The header that indicates context. Default:

  @@ -24,7 +24,7 @@ class TicketPdf

Configured:

  @@ -24,7 +24,7 @@ def tickets_as_html

duhi88 · on Oct 19, 2020

Ah, thanks. I scanned those so many times but I never caught it. I think I'm used to not reading the header because, as this points out, it isn't always useful.

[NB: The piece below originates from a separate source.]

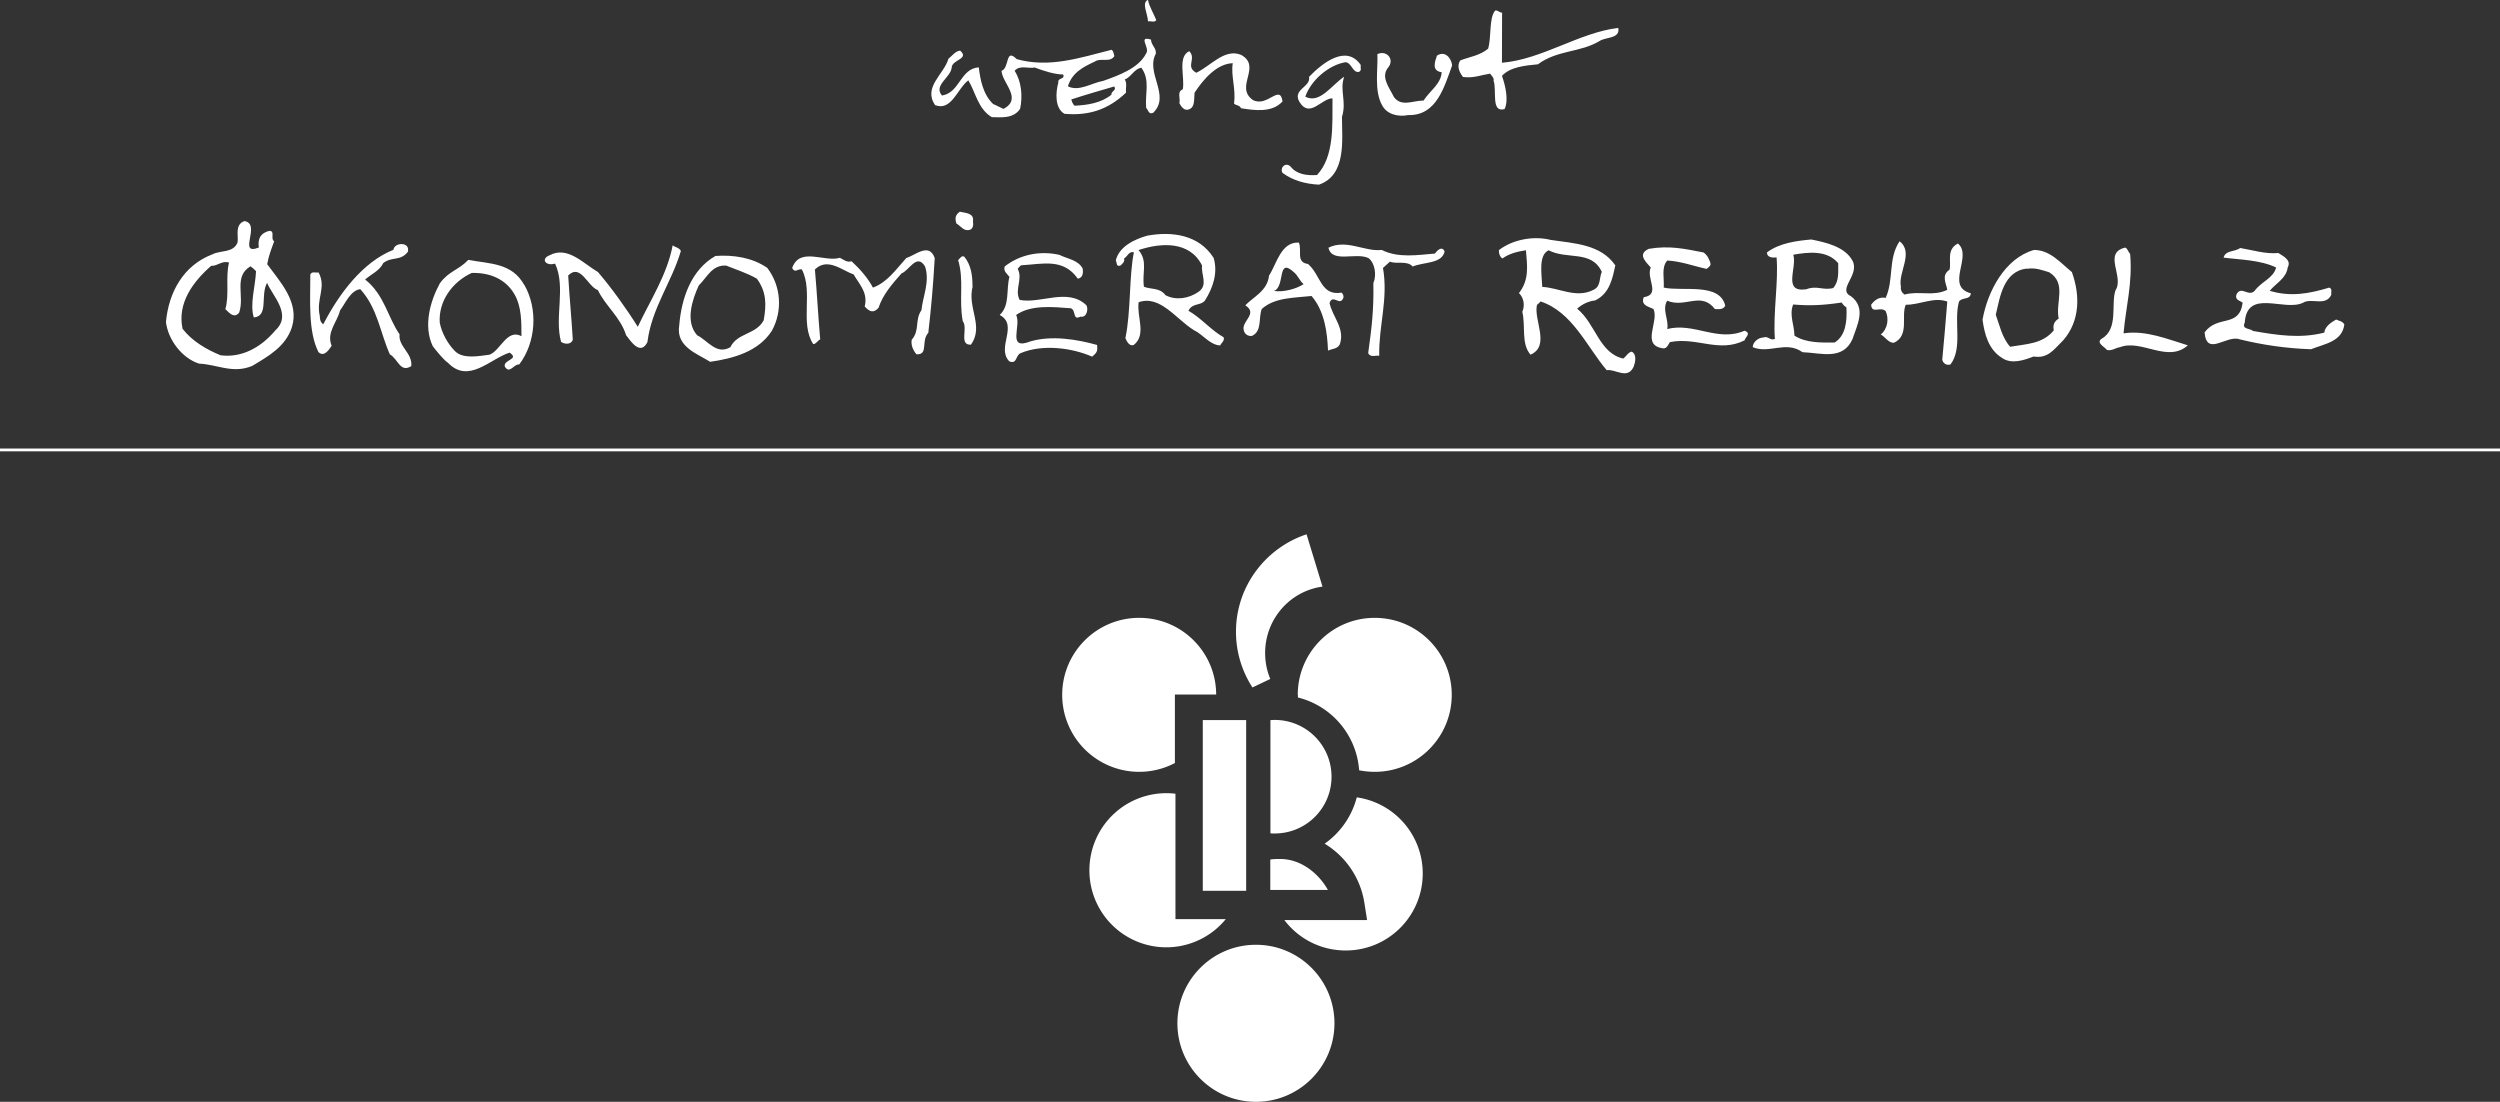 <svg xmlns="http://www.w3.org/2000/svg" viewBox="0 0 179.25 79"><rect x="0" y="0" width="179.25" height="79" fill="#333333" stroke="none"/><g fill="#fff"><path d="M0 32.16h179.25v.2H0zm86.24 19.47h3.11v12.24h-3.11z"/><path d="M94.82 42.05l-1.14-3.74c-2.93.97-5.06 3.73-5.06 6.98 0 1.47.43 2.84 1.18 4l1.28-.61c-.24-.57-.37-1.2-.37-1.86 0-2.43 1.78-4.44 4.11-4.76m-10.4 31.31c0-3.11 2.52-5.63 5.63-5.63s5.63 2.52 5.63 5.63S93.16 79 90.05 79s-5.63-2.52-5.63-5.63m-6.31-10.98a5.518 5.518 0 016.17-5.48v8.99h3.61a5.513 5.513 0 01-9.78-3.5m12.97-.77c.23-.04.47-.04.72-.04 1.47 0 2.75 1.03 3.41 2.22h-4.13v-2.18z" fill-rule="evenodd"/><path d="M94.98 60.49a5.858 5.858 0 002.3-3.32 5.51 5.51 0 014.73 5.46c0 3.05-2.47 5.52-5.52 5.52-1.8 0-3.39-.85-4.4-2.18h5.93l-.19-1.21a6.053 6.053 0 00-2.84-4.26m-1.94-10.68c0-3.05 2.47-5.52 5.52-5.52s5.52 2.47 5.52 5.52-2.47 5.52-5.52 5.52c-.39 0-.76-.04-1.12-.11a5.803 5.803 0 00-4.39-5.22v-.19m-16.9 0c0-3.05 2.47-5.52 5.52-5.52s5.51 2.46 5.52 5.5h-2.96v4.91a5.518 5.518 0 01-8.08-4.89m14.93 1.81c.1 0 .21-.01.31-.01 2.25 0 4.07 1.82 4.07 4.07s-1.82 4.07-4.07 4.07c-.1 0-.21 0-.31-.01v-8.11z" fill-rule="evenodd"/><path d="M82.9 1.44c-.1.2-.39.05-.59.09 0-.5-.49-1.34 0-1.54.1.5.39.94.59 1.44m24.79 3.07c2.88-.24 5.52-2.16 8.34-2.5.15.79-.89.64-1.34.94-1.39.84-3.02.63-4.42 1.67-.94.09-1.99.19-2.58.83.25.7.49 1.74.19 2.38-1 .29-.54-1.34-.79-2.04.05-.2-.15-.35-.25-.5-.65.1-1.19.34-1.94.24-.24-.3-.49-.79-.19-1.19.64-.25 1.39-.34 1.99-.84.25-.89.05-2.18.5-2.73.2-.05.3.15.5.15 0 1.19-.01 2.53-.01 3.57m-21.92.74c1.04-.49 2.04-1.78 3.23-1.28 1.49.85-.5 2.28.83 3.23 1.04.55 1.94-1.18 2.13.1-.75.84-2.04.64-2.98.49-.1-.25-.44-.2-.5-.35.15-1.04-.24-1.98-.09-2.88-1.14.04-2.09 1.13-2.74 2.12-.05.45.05 1.04-.4 1.19-.35.15-.59-.25-.69-.45.1-.35-.2-.8.25-.99.15-.89-.39-2.33.46-2.73.54.55-.3 1.09.49 1.54m13.79-.39c-.6.69.09 1.49.39 2.13.54.75 1.39.25 2.13.26.45-.7 1.25-1.19 1.3-2.03-.74-.1-.49-.75-.34-1.19.59-.39 1.04.2 1.09.7-.55 1.48-1.1 3.62-3.14 3.56-.74.15-1.54-.05-1.88-.7-.59-1.04-.29-2.58-.34-3.67.65-.3 1.24.35.79.94m-1.98-.16c-.05.2.1.4-.15.5-.45.05-.5-.65-.94-.7-1.19.19-2.48 1.28-2.89 2.47 1.04.55 1.89-.84 2.79-1.43-.35.99.19 1.74-.16 2.88 0 1.69.33 4.17-1.65 4.86-.99-.05-1.88-.3-2.62-.85-.2-.4.25-.79.59-.44.44.55 1.14.65 1.89.6 1.24-1.33 1.1-3.52 1.11-5.5-.79 0-1.64 1.48-2.38.24-.5-.89.84-1.04.7-1.78.95-.99 2.69-2.37 3.72-.83m-14.69-.86c-.8 1.39 1.08 3.03-.21 4.27-.35.15-.35-.25-.5-.35-.09-1.09.3-1.98-.34-2.88-.5.05-.75.69-1.2.84.2.25.05.65.1.94-1.29 1.23-2.68 1.67-4.42 1.52-.69-.4-.64-1.49-.44-2.23-.05-.4.5-.2.35-.59-.6 0-1.39-.25-2.04-.5-.44.1-1.09-.2-1.44.24.49.75.59 1.84.39 2.73-.5.74-1.44.59-2.03.59-.99-.6-1.14-1.74-1.68-2.64-.79.59-1.2 2.23-2.38 1.78-.89-1.29.65-2.23.95-3.32.3-.25.5-.55.84-.59.69.6-.55.64-.6 1.19-.05.74-1.34 1.29-.7 2.03 1.29-.2 1.3-1.93 2.64-2.02.1.84.29 1.93 1.03 2.63.25.1.5.25.74.35 1.39-.74-.09-1.84-.14-2.73.59-.2.25-1.68 1.09-.84 2.33.65 4.51-.09 6.8-.67.15.1.15.3.2.45-.3.5-.99.1-1.39.39-.84.39-1.64.79-1.94 1.78.79.4 1.69-.24 2.53-.39 1.09-.39 2.53-.89 3.08-1.97.3-.4-.64-1.29.35-.99 0 .4.39.59.34.99M79.89 6.2c-1 .29-2.04.59-3.08.93.05.15.1.35.25.45.94-.05 1.88-.19 2.63-.79-.05-.25.4-.3.2-.59m-10.13 9.68c.05.25 0 .5-.2.59-.45.15-.65-.25-.99-.45-.1-.35-.1-.6.25-.84.45.1 1.04.1.94.7m66.54 4.64c-.05.25.05.45.25.6 1.09-.29 2.03.16 3.07-.34-.09-.5-.44-1.04.16-1.44.15-.6-.25-1.44.6-1.88 1.09.89-.95 3.07.93 3.57-.05.5-.6.25-.85.59-.4 1.44.29 3.32-.61 4.51-.3.1-.55-.1-.59-.35.11-1.24.26-2.78.36-4.16-.99-.35-1.94.24-2.98.23-.35.84.29 2.19-.85 2.73-.4 0-.59-.4-.94-.6.5-.39.6-1.14.35-1.68-.4-.35-.99.24-1.04-.45.25-.34.59-.59 1.04-.49.6-1.29.16-2.82 1-4.06 1.04.8-.11 2.23.09 3.22m-49.28-2.05c.34 1.09-.05 2.18-.61 3.07-.3.4-.89.15-1.19.74.89.5 1.63 1.4 2.52 1.9.1.25-.15.39-.25.59-.75-.05-1.24-.8-1.88-1.1-1.29-.8-2.42-2.54-3.96-2-.15 1.04.59 2.34-.36 3.07-.3.1-.49-.25-.59-.5.4-1.84.26-4.46.61-6.15-.35-.1-.45.29-.7.44.05.25-.1.35-.25.5-.35.15-.25-.25-.35-.35.25-1.04 1.39-1.53 2.24-1.78 1.84-.34 3.72-.04 4.75 1.55m-5.36-.52c.69.8.24 1.59.39 2.63.49.2 1.14.05 1.54.6.74.4 1.68.25 2.38-.24s.16-1.24.25-1.88c-.89-1.79-2.97-1.64-4.56-1.11m21.25.25c.15-.2.5-.59.7-.15-.2.9-1.49.74-2.29 1.08-.39-.45-1.14-.15-1.63-.35-.15.15-.35.3-.5.45.39 2.23-.31 4.12-.27 6.3-.25-.05-.65.15-.79-.2.25-1.79.41-3.12.37-5.01.25-.59.11-1.44-.34-1.79-.89-.45-2.63.39-2.88-.75 1.29-.64 2.63.31 3.82.16 1.19.6 2.58.36 3.82.26m19.73.66c.1.2-.1.3-.25.44-.94-.2-1.84-.55-2.83-.6-.44.5-.2 1.29-.25 1.94 1.34.3 4.02-.39 4.41 1.3-.15.29-.45.25-.74.24-.99-1.29-2.13-.05-3.42-.6-.4.64.14 1.39 0 2.03 1.94-.49 3.62.96 5.55.12.5.2.05.45 0 .69-1.84.93-3.42-.26-5.36.13-.1.15-.2.45-.45.45-1.68-.2-.29-1.93-.73-2.83-.3-.15-.94-.25-.69-.84 1.24-.2.15-1.34.5-2.13-.34-.4-.99-.95-.14-1.34 1.49-.25 2.58 0 3.92.26.3.2.4.5.5.75m30.09-.65c.19 2.09-.31 3.82-.47 5.7 1.59-.24 3.13.41 4.61.86-1.45 1.29-3.32-.46-4.86.13-.34.05-.59.29-.94.2-.2-.25-.79-.5-.39-.8 1.24-.69.66-2.48 1-3.47.65-.99-.93-2.68.7-3.07.2.1.2.3.35.45m10.61-.07c.3.2.99.5.69 1.04-.1.79-.85 1.14-1.29 1.68 1.49.45 2.82.21 4.27-.23.25.1.1.35.15.5-.4.89-1.44.2-2.04.59-1.34.64-4.01-1.05-4.17 1.42-.25.5.39.4.59.6 1.74.3 3.37.56 5.11.12.05-.45.5-.74.85-.94.2.1.44.1.59.35-.16 1.24-1.39 1.38-2.39 1.78-1.79-.06-3.47-.31-5.11-.71-.94-.35-2.38 1.28-2.52-.5.95-1.29 2.48-.29 2.73-2.13-.2-.15-.59-.2-.44-.6.35-.64.84.2 1.29-.24.5-.69 1.34-.89 1.55-1.68-1.14-.55-2.63-.56-3.77-.71.15-.55.79-.39 1.19-.69.89.15 1.83.45 2.73.36m-134.08-.12c-.55.74-1.14.34-1.79.84-.25.54-.85.79-1.3 1.18 1.39 1.1 1.63 2.73 2.47 3.93-.1.89.94 1.34.84 2.28-.8.5-.94-.5-1.54-.85-.69-1.54-.88-3.32-2.12-4.67-.7.1-1.05.99-1.45 1.53-.2.84-1 1.58-.6 2.53-.2.3-.55.84-.95.45-.74-1.49-.58-3.62-.58-5.56.1-.25.4-.1.59-.15.59 1.09-.2 1.89.09 3.13 0 .25.05.45.25.59 1.1-2.13 2.79-4.45 5.03-5.34.05-.54 1.19-.59 1.04.11m19.57-.03c-.65 2.23-2.1 4.11-2.4 6.54-.5.99-1.19-.05-1.53-.5-.4-1.29-1.48-2.09-2.02-3.23-.74-.25-1.23-1.94-2.13-1.05.09 1.54.24 3.08.33 4.61-.15.4-.64.3-.84.15-.49-1.74.36-3.92-.43-5.61-.7.2-1.04-.35-.39-.6 1.29-.69 2.42.6 3.46 1.2.94 1.09 2.02 2.59 2.86 3.93.85-1.83 2.1-3.71 2.5-5.84.2.15.45.15.59.4m67 1.02c-.2.94-.4 2.03-1.45 2.53-.45.05-.89.24-1.29.59 1.34 1.09 1.57 3.18 3.31 3.58.2-.15.35-.45.6-.5.4.2.25.8.14 1.09-.45.94-1.29.14-1.93.24-1.43-1.69-2.46-4.18-4.75-4.93-.05.1-.15.15-.25.25-.25 1.09.98 2.93-.46 3.57-.69-.79-.34-2.03-.59-3.08.2-.45.11-.99-.24-1.34.74-.94.6-1.93.5-3.07-.64.1-1.19.24-1.69.59-.2-.15-.25-.35-.25-.6 1.04-.79 2.53-1.03 3.72-.73 1.68.25 3.57.31 4.61 1.8m-4.76-1.06c-.75.35-.5 1.69-.46 2.63 1.19.05 2.43.85 3.67.21.55-.25.4-.84.6-1.29-.74-1.59-2.48-.85-3.82-1.55m-44.01.56c-.11 1.98-.26 3.62-.46 5.36-.55.59.04 1.59-.85 1.54-.25-.3-.4-.65-.34-1.04.6-.69.2-1.39.7-2.13.11-1.04.61-2.03.26-3.12-.59-.99-1.14.29-1.69.49-.7.79-1.34 1.53-1.65 2.47-.35.39-.64.3-.99-.1.25-.99-.39-1.59-.79-2.29-.84-.3-1.88-1.25-2.78-.36.14 1.54.24 3.47.38 5.01-.2.1-.3.34-.5.34-.98-1.49.02-3.77-.82-5.36-.3-.05-.5.3-.69-.1.55-1.54 2.33-.39 3.42-.73.3.15.5.35.84.25.65.6 1.19 1.24 1.53 1.89 1.04-.39 1.64-1.29 2.39-2.12.65-.2 1.64-1.14 2.04 0m10.61.78c.05.3 0 .64-.35.7-1.04-1.49-2.52-1.05-4.06-.96-.1.05-.15.15-.25.25.39.75-.25 1.49.14 2.23 1.49.3 3.43-.88 4.76.36.19.2.09.94-.4.84-.59.3-.29-.45-.69-.6-1.29-.1-2.88-.26-3.92.48.39.79-.7 2.57 1.04 1.89 1.54-.44 3.32-.14 4.76.26.05.45 0 .54-.35.84-1.49-.65-3.57-.9-5.11-.26-.4.14-.25.84-.84.59-.94-1 .7-2.58-.68-3.32.75-.69.45-1.84.7-2.73-.19-.25-.45-.4-.34-.75 1.14-.89 2.58-1.13 3.92-.83.59.3 1.34.35 1.68 1m-7.9 1.27c-.4 1.54.83 2.83-.12 4.17-.89.05-.19-1.19-.59-1.69-.29-1.54.11-2.93-.33-4.37.15-.15.25-.35.44-.25.49.6.59 1.34.59 2.13m-51.17-2.79c-.1-.65.15-1.04.75-1.19.45 0 .05.55.35.75-.2.55-.4 1.04-.5 1.64.94 1.29 2.32 2.73 1.77 4.52-.45 1.39-1.69 2.08-2.84 2.77-1.39.59-2.53-.11-3.82-.16-1.24-.4-2.23-1.74-2.37-2.99.2-2.13 1.25-4.06 3.34-4.85.59-.3 1.49-.09 1.79-.84.1-.4-.24-1.29.5-1.54 1.24.2-.55 2.53 1.04 1.89m-2.14 1.08c-.55-.15-.79.25-1.29.24-1.3 1.14-2.44 2.67-2.05 4.51.69.9 1.73 1.49 2.72 1.9 1.48.2 2.88-.53 3.92-1.77 1.25-1.14-.19-2.48-.58-3.42-.5.89.14 2.38-.95 2.48-.3-.94.11-2.23.16-3.32-.15-.15-.25-.25-.4-.35-1.24.74-.4 2.13-.81 3.32-.35.44-.69.05-.99-.25.3-1.04 0-2.28.26-3.32m132.14.68c.59 1.64.58 3.48-.61 4.86-.7.69-1.1 1.34-2.14 1.18-.65.25-1.59.59-2.28.09-.95-.6-1.24-1.69-1.38-2.73.36-2.03 1.6-4.41 3.69-5 1.14 0 1.88.9 2.72 1.59m-3.22-.26c-1.69.19-1.94 2.03-2.24 3.32.24.64.44 1.64 1.03 2.29 1.14-.2 2.33-.19 3.13-1.18-.09-.4.05-.65.35-.84-.25-1.14.6-2.53-.68-3.32-.5-.15-.99-.35-1.59-.25m-90.33-.07c.99 1.29 1.13 3.08.33 4.52-.95 1.48-2.74 1.98-4.42 2.22-.84-.55-2.47-1.05-2.22-2.59.16-1.98.86-4.01 2.6-5 1.29-.09 2.63.11 3.71.85m-2.97-.16c-.99-.05-1.34.84-1.94 1.43-.45.99-1 2.58-.11 3.57.74.35 1.38 1.44 2.38.85.5-1.04 1.84-.89 2.39-1.93.2-1.14.2-2.03-.49-2.98-.69-.4-1.49-.65-2.23-.95m41.76-.09c.89.75.89 2.29 2.38 2.04.15.1.15.25.15.35-.25.69-.75-.3-1 .39.2.99 1.14 1.84.73 2.98-.19.34-.55.29-.84.44-.05-1.29-.24-2.83-1.18-3.92-1.24.14-2.63.09-3.57.93-.25.64.04 1.59-.7 1.93-.3.05-.54-.15-.59-.4-.19-.65 1.05-1.19.11-1.79.55-.59 1.59-1.03 1.7-2.13.55-.84.85-2.43 2.14-2.37.25.59-.25 1.43.69 1.54m-1.04.59c-1.24-1.14-.6 1.04-1.44 1.34.69.1 1.59-.14 2.13-.49-.3-.25-.39-.6-.69-.85m-55.18.91c.99 1.74.83 4.12-.37 5.7-.39-.05-.7.74-1.04.14-.1-.5 1.09-.49.35-.99-1.39.44-2.94 2.27-4.42.73-.3-.2-.79-.8-1.09-1.19-.69-1.44-.19-3.23.51-4.51.65-.89 1.34-.94 2.04-1.68 1.59.3 3.12.21 4.01 1.8m-3.77-.86c-1.39.64-2.39 2.03-2.29 3.56.14.75.59 1.54 1.09 2.04.59.6 1.73.35 2.48.26.79-.3 1.25-1.88 2.29-1.33 0-1.04 0-2.13-.49-2.98-.64-1.14-1.83-1.59-3.07-1.55m99.01-.85c.5 1.04-1.15 2.03-.11 2.53 1.09.84.44 2.03.09 3.07-.7 1.54-2.24.98-3.58.93-1.19-.85-2.38.14-3.57-.36 0-.35.4-.69.75-.69.35-.15.49.25.84.1-.14-1.88.27-4.12.12-5.85-.3.05-.69 0-.69-.35.9-.69 2.18-.84 3.18-.93.99.2 2.43.5 2.97 1.55m-4.26-.46c.29.94-.8 2.73.93 2.48.75-.3 1.19.1 1.93-.09.45-.5.35-1.19.36-1.78-.79-.95-2.13-.8-3.22-.61m3.46 3.43c-1.34.2-2.28.24-3.47.14-.3.75.09 1.49.09 2.23.84.55 1.99.5 2.88.5.8-.49.9-1.53.85-2.52-.15-.1-.25-.2-.34-.35"/></g></svg>

ndesaulniers · on Oct 19, 2020

I use these a lot when someone sends a patch, I'll use `vim -t <function>` to jump to the definition of <function> to better understand the change. (Where <function> is from the header of the hunk.)

renox · on Oct 19, 2020

In the first diff after the @@ there's a reference to the enclosing class, in the second diff it's a reference to the enclosing method. Which could help perhaps if the methods are moved?

Lammy · on Oct 19, 2020

The second one shows the changed lines' context as a method definition "def tickets_as_html" instead of the mostly-useless "class TicketPdf".

swrobel · on Oct 19, 2020

What this really needed was a diff for their own example

ngcazz · on Oct 19, 2020

The second diff identifies the target of the changes more precisely - method vs class

rzzzt · on Oct 19, 2020

Is there a good utility for diff-ing JSON content? I am calling jq to sort keys first and then let the default textual diff highlight the changes, but that's neither convenient nor complete.

stormy · on Oct 19, 2020

Graphtage is a command line utility and underlying library for semantically comparing and merging tree-like structures such as JSON, JSON5, XML, HTML, YAML, and TOML files.

https://blog.trailofbits.com/2020/08/28/graphtage/

jamietanna · on Oct 19, 2020

I've been doing similarly and have had pretty good success with that (https://www.jvt.me/posts/2020/08/24/pretty-print-json-diff/)

cratermoon · on Oct 20, 2020

speaking of git tricks. `git grep` can take a file pattern and will only search in files matching that pattern, and it's way faster than grep -R -- about on par with `ag`, the SilverSearcher.

nailer · on Oct 20, 2020

This could (and should) be written as a proper AST diff, rather than a presentation based diff with some mild smarts:

      assigns: { 
        tickets: tickets, 
        ++ event_name: event_name 
      }

jedberg · on Oct 20, 2020

I've been using git forever, and never even noticed that hunks get a class identifier. I pretty much have only been diffing Python. I guess it's so useless I never even noticed!